International Women's Forum
- Abbreviation: IWF
- Formation: 1974; 52 years ago
- Purpose: To support women leaders
- Location: Washington, D.C.;
- Members: c. 7,800
- Website: www.iwforum.org
- Formerly called: Women's Forum of New York

= International Women's Forum =

Organization connecting women leaders

The International Women's Forum (IWF), founded in 1974 as the Women's Forum of New York, is an invitation-only women's organization with some 7,800 members. Its mission is "to support the women leaders of today and tomorrow". The IWF hosts two conferences each year to address women's issues and it provides intensive leadership training programs for women.

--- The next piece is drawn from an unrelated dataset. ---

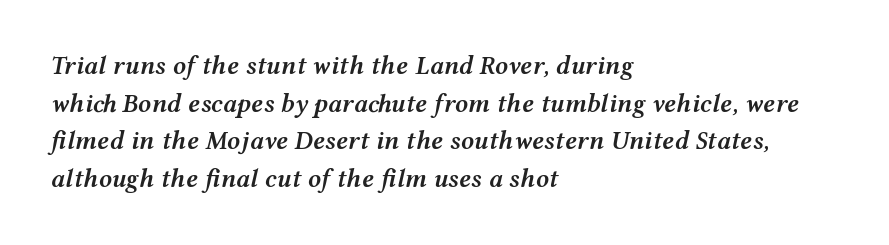
{"italic": "yes", "lean": "right", "slant_degrees": 12, "bold": "semi", "underline": "no", "align": "left", "line_spacing": "normal", "line_spacing_ratio": 1.45, "letter_spacing": "normal", "letter_spacing_em": 0.0, "glyph_px": 26}
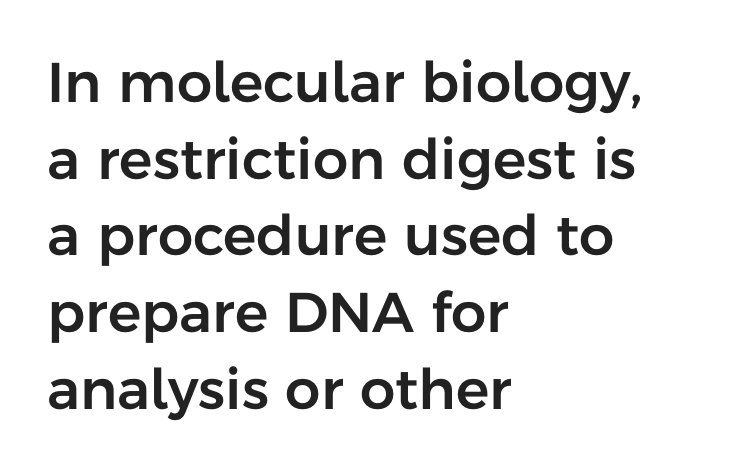
Horizontal bands of white between lines are of average thickness. Proportional: the letters do not fall into vertical columns. You can tell it's not italic because the verticals are truly vertical. Horizontally, the lines are justified to the leading edge only.

The Leadership Foundation, Inc., a supporting organization, provides a Fellows Program and the Women Athletes Business Network (WABN) Program.

==Members==
The IWF has been described as "highly influential". Notable members of the organization have included Hillary Clinton, Madeleine Albright, Sandra Day O'Connor, Coretta King, Betty Friedan, and Katharine Graham, and among the membership are "inventors, entrepreneurs, CEOs, heads of state, academics, scientists, astronauts, Olympic athletes, artists, filmmakers, financiers, philanthropists, and more".

==History==
The group started as the Women's Forum of New York, founded in 1974 by Elinor Guggenheimer, Muriel Siebert, Eleanor Holmes Norton, and Muriel Fox. Over the next few years, it expanded to Atlanta, Chicago, Colorado, Los Angeles, New York, San Francisco, and Washington, D.C. In 1982, it became international with the addition of the United Kingdom and was renamed the International Women's Forum in 1987. It is active in Europe, Asia, Latin America and the Middle East as well as the United States.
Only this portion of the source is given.